Artik, on the other hand, is seriously disturbed.  He has more than a few screws loose and he’s using those screws to stab people.  For reasons that are never explained, he believes obsessively that he can save the world by torturing men until one day a hero emerges from the abuse.  Why that will happen, or how he was chosen to be a one-man torture machine is not at all clear. 

Courtesy of Epic Pictures

He views his comic books like holy texts.  It is the guiding force behind his murderous ways.  Like Mindhunter’s Son of Sam, Artik seems to want to find the hero who will defeat him. The high concept plot is interesting, but Artik, both the character and the film, could have done with a little more backstory.  The only misstep in this otherwise quality film is the lack of context written for Artik.  He is a nonsensical bad guy with a cool history somewhere in that crazy skull that I wish could have been explored.  Jerry G. Angelo(Artik) is a huge lurching presence with a deep booming voice that the sound design use to full effect.  His over the top line delivery might be overdone in any other film, but as Artik, it is perfectly pitched insanity that is as imposing as it is odd.

Lauren Ashley Carter brings a brittle mania to her role as Flin that despite Artik’s obvious evilness is somehow the more creepy figure.  Her complacent role in the boy’s lives and her husband’s obsession is more chilling than Artik’s overt violence.  Vacillating between obsessive-compulsive homemaker, coquettish lover, and caring teacher she is an unsettling mix of good, bad, and weird.  It is hard to eclipse the graphic novel-loving killer Artik as Angelo delivers a black hole of a character.  He is magnetic and all-consuming, but Flin somehow manages to one up his intensity.  Her previous excellent work on Jug Face leaves no question that this quirky actress is quickly amassing a war chest of complex and fascinating characters. The world of Artik is a strange one.  Where adults freely use words like “owners” instead of parents to describe caregivers but draw the line at drawings depicting violent acts. 

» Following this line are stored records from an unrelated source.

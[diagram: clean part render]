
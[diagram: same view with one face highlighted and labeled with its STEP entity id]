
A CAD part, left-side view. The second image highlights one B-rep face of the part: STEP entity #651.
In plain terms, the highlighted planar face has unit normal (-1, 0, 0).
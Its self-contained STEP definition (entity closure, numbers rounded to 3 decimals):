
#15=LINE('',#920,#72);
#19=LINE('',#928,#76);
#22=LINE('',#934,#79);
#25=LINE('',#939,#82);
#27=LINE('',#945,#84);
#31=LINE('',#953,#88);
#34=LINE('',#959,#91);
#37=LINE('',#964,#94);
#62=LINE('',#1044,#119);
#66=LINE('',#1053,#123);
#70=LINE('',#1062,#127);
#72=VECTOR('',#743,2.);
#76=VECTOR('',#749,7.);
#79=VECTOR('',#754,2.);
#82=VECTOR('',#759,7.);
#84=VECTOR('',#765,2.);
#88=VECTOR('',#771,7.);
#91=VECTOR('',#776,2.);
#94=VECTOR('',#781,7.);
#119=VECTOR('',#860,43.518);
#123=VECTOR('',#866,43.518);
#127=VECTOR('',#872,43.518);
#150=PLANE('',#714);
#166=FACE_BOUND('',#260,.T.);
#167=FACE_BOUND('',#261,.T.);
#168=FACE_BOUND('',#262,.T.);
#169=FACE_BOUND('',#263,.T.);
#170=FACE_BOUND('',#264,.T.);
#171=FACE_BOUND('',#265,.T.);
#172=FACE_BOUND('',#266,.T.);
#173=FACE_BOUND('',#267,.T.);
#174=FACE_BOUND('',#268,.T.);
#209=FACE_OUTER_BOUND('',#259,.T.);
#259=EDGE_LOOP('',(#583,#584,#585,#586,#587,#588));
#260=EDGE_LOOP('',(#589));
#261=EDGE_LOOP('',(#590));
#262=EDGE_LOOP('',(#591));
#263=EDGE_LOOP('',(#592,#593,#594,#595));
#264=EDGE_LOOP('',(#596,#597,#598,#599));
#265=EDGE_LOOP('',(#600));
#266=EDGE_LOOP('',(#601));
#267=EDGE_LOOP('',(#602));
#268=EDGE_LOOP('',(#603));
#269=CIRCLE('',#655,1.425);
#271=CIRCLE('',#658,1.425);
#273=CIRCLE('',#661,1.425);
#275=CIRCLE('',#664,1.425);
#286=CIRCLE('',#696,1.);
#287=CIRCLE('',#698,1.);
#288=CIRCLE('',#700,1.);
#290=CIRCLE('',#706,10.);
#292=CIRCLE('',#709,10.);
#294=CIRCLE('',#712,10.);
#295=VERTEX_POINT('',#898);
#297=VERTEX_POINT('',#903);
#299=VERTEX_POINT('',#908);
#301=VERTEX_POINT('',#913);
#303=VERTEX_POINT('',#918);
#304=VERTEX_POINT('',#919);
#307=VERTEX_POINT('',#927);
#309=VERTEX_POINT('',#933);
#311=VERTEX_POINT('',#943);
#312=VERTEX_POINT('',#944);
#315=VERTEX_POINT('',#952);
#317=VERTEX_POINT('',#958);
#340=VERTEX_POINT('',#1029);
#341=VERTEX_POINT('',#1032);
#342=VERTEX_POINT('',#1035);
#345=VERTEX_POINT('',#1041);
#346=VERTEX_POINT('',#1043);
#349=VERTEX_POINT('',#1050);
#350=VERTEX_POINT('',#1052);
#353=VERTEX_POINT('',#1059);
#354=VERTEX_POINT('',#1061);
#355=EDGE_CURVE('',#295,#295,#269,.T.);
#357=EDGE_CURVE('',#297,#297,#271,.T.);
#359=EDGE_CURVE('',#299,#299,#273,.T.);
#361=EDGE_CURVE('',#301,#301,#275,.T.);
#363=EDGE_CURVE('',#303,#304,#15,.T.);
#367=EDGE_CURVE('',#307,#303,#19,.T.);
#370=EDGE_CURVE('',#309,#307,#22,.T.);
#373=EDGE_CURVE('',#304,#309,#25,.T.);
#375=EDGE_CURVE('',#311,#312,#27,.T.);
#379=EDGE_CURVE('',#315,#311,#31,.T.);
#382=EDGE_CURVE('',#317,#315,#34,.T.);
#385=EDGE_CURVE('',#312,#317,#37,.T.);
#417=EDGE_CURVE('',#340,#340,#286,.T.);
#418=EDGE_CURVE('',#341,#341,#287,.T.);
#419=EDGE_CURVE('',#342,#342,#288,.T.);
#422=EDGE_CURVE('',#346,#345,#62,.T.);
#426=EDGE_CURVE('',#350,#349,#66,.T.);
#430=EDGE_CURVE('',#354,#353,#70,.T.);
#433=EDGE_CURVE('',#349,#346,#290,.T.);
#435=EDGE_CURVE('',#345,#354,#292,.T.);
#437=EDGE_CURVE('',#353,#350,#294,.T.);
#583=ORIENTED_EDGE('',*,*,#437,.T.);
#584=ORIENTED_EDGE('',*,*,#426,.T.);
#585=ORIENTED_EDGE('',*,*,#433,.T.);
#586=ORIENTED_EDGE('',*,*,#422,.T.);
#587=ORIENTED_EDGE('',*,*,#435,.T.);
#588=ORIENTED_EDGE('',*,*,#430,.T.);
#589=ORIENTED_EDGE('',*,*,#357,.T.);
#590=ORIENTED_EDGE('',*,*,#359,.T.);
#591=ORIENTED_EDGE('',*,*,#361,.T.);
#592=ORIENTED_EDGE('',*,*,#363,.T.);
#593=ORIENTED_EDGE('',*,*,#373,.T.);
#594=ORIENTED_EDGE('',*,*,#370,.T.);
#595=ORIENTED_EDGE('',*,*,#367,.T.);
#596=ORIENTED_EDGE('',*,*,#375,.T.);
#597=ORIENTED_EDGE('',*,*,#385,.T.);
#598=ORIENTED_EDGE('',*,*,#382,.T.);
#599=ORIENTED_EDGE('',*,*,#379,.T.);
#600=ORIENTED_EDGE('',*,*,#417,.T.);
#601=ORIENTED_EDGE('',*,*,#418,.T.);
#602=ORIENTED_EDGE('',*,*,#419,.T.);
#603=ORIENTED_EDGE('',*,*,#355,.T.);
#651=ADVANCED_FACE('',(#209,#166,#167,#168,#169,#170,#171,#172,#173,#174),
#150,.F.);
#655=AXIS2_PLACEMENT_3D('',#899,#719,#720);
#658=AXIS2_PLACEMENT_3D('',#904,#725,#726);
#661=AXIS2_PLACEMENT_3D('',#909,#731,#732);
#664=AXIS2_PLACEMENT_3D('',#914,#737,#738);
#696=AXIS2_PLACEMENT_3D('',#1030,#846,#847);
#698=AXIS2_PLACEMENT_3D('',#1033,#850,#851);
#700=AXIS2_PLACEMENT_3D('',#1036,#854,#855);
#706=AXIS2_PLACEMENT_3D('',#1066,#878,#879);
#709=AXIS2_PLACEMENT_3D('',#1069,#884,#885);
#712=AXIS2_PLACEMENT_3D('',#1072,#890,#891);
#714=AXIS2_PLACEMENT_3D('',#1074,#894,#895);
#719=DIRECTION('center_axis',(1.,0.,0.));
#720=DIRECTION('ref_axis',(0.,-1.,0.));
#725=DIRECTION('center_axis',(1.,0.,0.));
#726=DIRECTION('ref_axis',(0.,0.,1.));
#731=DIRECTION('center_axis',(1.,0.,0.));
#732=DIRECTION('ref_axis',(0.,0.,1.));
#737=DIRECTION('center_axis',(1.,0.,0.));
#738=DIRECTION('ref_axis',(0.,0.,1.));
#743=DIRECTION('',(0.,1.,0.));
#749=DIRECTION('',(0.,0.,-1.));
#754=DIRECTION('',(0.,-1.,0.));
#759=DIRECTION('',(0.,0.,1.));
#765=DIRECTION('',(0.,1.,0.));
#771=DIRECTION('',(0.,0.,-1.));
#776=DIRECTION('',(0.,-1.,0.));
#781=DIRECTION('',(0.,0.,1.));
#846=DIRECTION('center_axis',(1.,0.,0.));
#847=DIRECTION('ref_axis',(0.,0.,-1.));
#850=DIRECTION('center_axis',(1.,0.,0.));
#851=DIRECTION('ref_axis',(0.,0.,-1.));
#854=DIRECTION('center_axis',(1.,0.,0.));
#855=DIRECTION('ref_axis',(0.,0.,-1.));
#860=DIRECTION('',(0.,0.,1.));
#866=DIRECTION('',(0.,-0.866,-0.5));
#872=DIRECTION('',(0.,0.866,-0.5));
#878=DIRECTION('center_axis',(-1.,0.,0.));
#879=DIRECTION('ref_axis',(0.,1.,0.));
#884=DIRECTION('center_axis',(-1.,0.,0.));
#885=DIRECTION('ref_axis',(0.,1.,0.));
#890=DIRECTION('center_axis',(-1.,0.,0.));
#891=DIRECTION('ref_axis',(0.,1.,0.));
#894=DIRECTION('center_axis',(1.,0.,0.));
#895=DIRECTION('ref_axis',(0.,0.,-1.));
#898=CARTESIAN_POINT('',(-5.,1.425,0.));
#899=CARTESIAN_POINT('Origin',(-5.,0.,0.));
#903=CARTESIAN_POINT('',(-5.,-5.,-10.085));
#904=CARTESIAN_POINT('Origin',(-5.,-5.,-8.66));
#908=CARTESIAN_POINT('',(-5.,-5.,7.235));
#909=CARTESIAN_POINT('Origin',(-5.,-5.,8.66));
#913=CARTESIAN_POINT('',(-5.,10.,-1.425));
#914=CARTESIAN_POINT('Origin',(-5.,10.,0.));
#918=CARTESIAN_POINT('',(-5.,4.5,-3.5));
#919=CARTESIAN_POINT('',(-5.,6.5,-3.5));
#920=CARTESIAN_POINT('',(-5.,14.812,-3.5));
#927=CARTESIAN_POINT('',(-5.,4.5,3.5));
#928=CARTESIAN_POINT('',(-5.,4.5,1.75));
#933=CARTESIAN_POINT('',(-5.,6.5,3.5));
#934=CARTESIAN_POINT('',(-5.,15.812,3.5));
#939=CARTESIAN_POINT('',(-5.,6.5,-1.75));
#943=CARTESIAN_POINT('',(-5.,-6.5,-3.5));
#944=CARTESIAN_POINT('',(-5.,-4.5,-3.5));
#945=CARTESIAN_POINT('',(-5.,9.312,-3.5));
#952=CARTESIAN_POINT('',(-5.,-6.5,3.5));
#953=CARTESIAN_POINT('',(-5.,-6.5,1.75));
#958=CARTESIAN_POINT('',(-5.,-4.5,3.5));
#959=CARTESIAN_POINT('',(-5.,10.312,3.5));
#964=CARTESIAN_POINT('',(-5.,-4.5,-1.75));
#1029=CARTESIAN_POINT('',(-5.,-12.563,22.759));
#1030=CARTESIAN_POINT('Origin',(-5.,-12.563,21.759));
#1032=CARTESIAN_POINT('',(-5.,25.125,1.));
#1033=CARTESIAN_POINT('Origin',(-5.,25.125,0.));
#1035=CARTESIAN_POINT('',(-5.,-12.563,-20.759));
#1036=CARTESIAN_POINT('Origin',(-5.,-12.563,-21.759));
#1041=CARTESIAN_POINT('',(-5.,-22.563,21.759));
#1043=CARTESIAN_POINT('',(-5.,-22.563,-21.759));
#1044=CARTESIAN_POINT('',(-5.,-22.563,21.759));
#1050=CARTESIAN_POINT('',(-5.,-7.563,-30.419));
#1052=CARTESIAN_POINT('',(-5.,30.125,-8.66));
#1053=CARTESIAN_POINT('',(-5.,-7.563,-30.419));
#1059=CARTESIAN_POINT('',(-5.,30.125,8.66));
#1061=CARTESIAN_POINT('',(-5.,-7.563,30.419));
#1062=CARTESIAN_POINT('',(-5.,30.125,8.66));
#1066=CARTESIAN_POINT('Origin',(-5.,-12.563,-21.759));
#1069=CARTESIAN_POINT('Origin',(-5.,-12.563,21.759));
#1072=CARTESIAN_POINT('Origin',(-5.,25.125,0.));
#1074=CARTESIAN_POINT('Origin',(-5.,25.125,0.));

It looks like any place America, but it behaves like something else.  It is dusty and dirty with despair hanging over every rural moment.  The setting is rural, small town America that could be anywhere if it weren’t for the oddness of word choices and obvious kidnapping. Although that feels completely plausible nowadays.  This is our world but not.  Similar to Children of the Corn which existed just outside the plane of our reality in a hidden corn field, this town resides near a sunflower farm.  The sunny vignettes of the farm highlight the desperation of the subject matter.  It is a smart choice that director Tom Botchii Skowronski makes time and time again.

Skowronski utilizes this minimal set perfectly to convey the dread that permeates every moment from the very beginning.  This is the kind of movie that grabs you from the opening credits and doesn’t let up until you are left exhausted and questioning what it means to be a hero.  A full-throttle score blasts as gore and savagery assault the senses in this blood-soaked portrayal of the making of a savior.  Effective cut scenes go from visceral wet work of Artik’s to coffee being poured into cups proves the editing is as stylish as the rest of the movie. 

Artik is a well-made film with captivating characters and buckets and buckets of blood.  With a satisfying ending and truly unique characters, it is a solid addition to the genre.  You can catch it today in select theaters and you can stream it VOD or buy a Blu-Ray starting September 10th.